__Action item__.
Wherever the string "Electric" appears in the records, return the line that holds it.
──────
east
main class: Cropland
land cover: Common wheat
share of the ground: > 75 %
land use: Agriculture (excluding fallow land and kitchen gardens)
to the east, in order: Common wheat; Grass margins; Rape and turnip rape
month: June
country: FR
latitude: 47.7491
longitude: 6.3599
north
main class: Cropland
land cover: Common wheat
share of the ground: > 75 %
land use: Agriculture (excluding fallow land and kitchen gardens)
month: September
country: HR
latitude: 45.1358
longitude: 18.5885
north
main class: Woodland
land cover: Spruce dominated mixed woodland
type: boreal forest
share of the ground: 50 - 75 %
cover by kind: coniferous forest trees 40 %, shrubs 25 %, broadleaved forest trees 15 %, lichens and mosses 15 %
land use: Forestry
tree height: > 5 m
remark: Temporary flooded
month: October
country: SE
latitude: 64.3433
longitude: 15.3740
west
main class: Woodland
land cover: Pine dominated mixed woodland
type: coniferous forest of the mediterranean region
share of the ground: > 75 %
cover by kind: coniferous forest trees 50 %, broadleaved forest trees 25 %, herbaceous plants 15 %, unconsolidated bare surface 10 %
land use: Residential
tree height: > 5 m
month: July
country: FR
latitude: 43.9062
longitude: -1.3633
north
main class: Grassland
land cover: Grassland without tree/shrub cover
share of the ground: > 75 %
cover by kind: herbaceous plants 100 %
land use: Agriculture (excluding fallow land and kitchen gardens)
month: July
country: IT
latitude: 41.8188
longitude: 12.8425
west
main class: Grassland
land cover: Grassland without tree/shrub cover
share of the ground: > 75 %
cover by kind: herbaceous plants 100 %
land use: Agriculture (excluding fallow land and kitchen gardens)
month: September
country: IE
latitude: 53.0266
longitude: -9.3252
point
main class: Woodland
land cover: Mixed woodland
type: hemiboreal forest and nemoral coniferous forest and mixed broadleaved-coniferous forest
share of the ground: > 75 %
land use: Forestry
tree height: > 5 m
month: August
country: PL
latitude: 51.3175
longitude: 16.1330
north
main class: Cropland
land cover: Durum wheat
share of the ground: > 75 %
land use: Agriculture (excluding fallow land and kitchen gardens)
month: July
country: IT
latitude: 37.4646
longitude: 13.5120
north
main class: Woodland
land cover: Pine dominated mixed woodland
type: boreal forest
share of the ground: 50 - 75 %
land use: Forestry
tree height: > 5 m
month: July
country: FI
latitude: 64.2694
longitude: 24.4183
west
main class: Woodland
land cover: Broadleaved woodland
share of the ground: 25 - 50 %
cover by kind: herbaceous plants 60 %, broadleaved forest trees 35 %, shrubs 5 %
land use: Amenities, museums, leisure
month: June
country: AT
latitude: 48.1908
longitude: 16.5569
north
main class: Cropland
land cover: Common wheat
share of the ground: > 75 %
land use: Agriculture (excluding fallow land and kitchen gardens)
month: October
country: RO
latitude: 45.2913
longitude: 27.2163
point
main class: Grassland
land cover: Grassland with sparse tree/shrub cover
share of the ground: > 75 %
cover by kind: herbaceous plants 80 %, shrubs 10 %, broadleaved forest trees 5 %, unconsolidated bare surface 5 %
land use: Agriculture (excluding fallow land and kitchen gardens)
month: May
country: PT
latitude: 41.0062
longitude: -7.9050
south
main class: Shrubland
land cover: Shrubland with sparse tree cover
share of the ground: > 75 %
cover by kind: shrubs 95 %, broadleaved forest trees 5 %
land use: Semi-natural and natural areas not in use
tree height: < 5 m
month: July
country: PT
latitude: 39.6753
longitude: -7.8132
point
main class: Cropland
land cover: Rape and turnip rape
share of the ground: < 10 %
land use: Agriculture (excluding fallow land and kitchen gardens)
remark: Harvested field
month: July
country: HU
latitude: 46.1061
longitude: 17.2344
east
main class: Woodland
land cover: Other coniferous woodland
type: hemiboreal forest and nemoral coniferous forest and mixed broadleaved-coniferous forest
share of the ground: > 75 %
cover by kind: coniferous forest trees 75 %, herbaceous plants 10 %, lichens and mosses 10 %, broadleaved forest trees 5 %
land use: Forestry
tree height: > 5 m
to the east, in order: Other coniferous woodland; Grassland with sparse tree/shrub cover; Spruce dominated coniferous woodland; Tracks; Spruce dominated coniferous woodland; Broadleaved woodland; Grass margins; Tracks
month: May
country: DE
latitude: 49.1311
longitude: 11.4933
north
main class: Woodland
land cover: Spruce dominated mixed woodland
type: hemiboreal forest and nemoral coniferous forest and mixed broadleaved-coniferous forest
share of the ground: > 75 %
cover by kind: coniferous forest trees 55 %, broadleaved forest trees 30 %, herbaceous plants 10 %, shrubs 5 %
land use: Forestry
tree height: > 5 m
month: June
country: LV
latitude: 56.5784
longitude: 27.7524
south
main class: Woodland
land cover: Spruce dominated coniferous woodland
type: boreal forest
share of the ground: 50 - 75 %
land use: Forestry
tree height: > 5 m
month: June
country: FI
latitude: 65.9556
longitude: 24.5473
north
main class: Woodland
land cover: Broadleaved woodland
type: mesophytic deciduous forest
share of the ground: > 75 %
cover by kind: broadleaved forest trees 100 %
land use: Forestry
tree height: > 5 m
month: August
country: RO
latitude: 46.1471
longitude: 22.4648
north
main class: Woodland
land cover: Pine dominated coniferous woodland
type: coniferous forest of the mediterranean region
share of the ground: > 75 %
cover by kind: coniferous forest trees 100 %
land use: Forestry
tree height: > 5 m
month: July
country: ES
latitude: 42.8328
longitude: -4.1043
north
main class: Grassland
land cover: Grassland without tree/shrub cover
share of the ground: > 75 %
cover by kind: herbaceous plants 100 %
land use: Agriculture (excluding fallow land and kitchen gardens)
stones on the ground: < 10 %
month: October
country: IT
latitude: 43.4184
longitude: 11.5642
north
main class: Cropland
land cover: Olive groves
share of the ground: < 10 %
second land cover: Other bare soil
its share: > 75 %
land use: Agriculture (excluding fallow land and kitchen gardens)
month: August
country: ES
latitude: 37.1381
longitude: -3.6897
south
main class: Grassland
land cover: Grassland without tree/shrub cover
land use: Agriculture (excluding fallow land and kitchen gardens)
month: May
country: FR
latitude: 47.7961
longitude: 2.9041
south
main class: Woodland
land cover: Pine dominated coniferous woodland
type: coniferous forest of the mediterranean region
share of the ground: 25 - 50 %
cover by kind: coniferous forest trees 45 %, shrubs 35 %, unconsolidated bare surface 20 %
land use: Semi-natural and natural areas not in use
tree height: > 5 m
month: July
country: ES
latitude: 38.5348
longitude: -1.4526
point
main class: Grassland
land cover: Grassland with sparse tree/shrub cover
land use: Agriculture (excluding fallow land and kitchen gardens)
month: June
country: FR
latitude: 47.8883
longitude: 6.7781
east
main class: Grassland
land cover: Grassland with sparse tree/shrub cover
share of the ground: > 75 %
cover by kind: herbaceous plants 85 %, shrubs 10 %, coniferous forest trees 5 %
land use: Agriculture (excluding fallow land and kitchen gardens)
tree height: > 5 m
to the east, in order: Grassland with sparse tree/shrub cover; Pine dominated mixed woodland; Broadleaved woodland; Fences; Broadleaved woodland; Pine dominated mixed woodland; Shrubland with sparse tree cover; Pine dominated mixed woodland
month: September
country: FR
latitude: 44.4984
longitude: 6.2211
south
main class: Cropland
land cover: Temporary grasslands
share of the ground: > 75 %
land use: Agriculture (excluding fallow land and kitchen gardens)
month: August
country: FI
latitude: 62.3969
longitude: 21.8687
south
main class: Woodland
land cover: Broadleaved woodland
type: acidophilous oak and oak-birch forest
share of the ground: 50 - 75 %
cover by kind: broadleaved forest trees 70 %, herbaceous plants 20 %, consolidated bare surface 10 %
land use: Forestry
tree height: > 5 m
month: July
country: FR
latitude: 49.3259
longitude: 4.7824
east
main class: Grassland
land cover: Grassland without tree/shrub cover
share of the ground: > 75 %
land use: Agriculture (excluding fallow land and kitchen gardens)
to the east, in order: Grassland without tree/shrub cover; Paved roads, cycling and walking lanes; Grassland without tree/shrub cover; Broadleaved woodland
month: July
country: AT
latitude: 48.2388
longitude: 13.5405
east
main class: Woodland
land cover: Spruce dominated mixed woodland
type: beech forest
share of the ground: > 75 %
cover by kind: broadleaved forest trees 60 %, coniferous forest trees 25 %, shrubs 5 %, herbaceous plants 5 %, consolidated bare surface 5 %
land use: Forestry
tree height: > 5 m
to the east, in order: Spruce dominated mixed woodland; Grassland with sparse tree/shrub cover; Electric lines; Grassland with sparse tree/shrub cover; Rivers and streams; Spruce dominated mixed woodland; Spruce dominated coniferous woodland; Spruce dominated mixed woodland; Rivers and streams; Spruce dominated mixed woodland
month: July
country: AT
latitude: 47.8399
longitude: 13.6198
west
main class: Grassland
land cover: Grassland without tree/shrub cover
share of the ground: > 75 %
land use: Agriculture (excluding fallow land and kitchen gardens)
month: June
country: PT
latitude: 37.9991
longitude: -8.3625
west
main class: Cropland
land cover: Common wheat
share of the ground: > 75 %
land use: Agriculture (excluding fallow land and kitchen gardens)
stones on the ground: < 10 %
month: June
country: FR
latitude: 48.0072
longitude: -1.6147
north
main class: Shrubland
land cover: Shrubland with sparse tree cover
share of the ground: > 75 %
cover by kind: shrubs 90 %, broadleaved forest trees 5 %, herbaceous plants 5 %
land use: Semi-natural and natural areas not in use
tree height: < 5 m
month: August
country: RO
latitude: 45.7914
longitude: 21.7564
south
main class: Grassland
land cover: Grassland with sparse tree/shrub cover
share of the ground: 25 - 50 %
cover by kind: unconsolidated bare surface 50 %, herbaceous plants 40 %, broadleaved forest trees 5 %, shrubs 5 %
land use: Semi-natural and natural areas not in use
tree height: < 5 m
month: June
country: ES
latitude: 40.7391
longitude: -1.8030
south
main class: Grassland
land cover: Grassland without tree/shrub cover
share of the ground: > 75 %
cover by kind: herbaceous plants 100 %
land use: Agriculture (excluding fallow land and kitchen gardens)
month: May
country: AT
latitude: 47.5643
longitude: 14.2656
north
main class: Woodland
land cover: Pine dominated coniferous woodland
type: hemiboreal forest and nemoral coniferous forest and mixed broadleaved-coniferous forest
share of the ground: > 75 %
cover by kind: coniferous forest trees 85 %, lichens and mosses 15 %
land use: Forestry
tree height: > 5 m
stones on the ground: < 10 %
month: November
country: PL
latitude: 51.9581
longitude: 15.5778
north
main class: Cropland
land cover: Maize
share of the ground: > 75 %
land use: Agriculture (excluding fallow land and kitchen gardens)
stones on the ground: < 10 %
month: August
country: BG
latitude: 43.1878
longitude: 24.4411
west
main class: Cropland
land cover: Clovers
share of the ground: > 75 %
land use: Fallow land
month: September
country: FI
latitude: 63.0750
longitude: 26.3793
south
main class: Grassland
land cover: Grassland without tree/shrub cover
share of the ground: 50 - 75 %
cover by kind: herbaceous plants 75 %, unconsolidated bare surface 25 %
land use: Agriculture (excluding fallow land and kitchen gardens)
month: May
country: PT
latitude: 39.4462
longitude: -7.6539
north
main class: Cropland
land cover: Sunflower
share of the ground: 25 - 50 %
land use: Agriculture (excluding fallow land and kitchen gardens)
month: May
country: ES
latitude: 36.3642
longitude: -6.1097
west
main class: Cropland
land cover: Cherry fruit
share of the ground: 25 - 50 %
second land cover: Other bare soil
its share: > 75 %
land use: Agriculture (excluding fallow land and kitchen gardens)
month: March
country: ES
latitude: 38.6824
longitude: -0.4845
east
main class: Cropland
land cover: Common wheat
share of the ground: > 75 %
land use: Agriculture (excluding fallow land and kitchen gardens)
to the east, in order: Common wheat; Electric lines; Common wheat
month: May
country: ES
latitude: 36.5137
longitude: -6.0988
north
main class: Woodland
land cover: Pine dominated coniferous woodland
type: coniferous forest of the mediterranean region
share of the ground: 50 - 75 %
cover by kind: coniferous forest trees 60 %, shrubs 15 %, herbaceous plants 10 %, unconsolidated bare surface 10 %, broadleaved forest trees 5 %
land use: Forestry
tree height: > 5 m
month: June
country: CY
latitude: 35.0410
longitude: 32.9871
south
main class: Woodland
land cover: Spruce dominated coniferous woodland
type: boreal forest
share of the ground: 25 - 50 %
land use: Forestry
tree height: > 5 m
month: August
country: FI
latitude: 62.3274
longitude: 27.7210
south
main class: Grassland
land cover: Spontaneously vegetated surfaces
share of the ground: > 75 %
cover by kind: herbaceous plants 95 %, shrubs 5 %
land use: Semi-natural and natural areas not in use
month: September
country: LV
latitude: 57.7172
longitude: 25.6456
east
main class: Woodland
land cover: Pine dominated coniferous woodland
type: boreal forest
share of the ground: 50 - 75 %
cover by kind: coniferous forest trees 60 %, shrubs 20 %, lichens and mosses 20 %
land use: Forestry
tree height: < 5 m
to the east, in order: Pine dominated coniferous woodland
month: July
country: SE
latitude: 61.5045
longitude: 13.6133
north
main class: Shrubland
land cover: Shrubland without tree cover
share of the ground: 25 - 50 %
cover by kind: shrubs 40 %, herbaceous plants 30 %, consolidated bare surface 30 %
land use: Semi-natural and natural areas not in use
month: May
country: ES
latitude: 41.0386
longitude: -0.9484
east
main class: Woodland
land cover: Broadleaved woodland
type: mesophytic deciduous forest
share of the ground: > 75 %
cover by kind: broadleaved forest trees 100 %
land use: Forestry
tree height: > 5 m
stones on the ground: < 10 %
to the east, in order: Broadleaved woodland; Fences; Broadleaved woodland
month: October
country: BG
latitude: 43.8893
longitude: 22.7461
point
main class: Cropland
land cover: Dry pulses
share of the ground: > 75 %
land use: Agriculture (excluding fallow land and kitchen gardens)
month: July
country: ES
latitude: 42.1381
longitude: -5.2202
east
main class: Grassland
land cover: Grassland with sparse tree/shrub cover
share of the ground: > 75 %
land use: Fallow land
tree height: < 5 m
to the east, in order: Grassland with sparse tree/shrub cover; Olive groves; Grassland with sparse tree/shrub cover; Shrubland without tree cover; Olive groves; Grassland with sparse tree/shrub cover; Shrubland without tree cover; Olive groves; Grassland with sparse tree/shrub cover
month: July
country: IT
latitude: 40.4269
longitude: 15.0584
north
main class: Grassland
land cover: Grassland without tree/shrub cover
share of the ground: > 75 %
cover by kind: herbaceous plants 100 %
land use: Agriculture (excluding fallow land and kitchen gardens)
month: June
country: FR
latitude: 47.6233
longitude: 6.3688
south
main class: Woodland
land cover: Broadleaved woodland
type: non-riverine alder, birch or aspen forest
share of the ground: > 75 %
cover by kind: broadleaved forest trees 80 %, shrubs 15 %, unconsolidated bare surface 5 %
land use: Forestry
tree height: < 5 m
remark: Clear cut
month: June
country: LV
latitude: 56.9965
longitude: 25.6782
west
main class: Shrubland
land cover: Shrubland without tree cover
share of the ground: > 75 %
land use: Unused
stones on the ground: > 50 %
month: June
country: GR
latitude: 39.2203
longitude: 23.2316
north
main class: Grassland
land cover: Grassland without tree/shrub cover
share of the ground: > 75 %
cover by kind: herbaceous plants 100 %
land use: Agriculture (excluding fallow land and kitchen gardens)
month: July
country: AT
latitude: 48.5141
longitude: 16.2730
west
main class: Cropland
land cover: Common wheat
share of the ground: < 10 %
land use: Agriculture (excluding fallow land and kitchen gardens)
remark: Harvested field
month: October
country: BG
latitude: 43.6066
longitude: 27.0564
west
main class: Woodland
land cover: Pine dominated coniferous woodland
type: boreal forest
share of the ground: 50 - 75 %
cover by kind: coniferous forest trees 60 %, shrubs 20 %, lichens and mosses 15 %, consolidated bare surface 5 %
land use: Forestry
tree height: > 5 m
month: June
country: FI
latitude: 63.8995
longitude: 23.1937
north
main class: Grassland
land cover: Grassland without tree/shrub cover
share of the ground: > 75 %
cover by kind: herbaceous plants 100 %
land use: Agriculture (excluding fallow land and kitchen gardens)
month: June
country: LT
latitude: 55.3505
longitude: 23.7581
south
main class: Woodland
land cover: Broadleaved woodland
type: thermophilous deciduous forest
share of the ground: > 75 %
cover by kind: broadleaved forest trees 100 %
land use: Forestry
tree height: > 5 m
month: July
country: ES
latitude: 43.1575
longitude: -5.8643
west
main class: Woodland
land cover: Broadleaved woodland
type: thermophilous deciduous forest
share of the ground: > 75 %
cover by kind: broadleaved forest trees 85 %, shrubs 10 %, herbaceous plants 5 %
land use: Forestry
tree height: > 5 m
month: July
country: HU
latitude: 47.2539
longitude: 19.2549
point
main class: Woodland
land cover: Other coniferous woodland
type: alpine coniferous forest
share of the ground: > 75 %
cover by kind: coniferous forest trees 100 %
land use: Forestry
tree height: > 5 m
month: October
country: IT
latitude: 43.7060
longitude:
──────
__Output__.
to the east, in order: Spruce dominated mixed woodland; Grassland with sparse tree/shrub cover; Electric lines; Grassland with sparse tree/shrub cover; Rivers and streams; Spruce dominated mixed woodland; Spruce dominated coniferous woodland; Spruce dominated mixed woodland; Rivers and streams; Spruce dominated mixed woodland
to the east, in order: Common wheat; Electric lines; Common wheat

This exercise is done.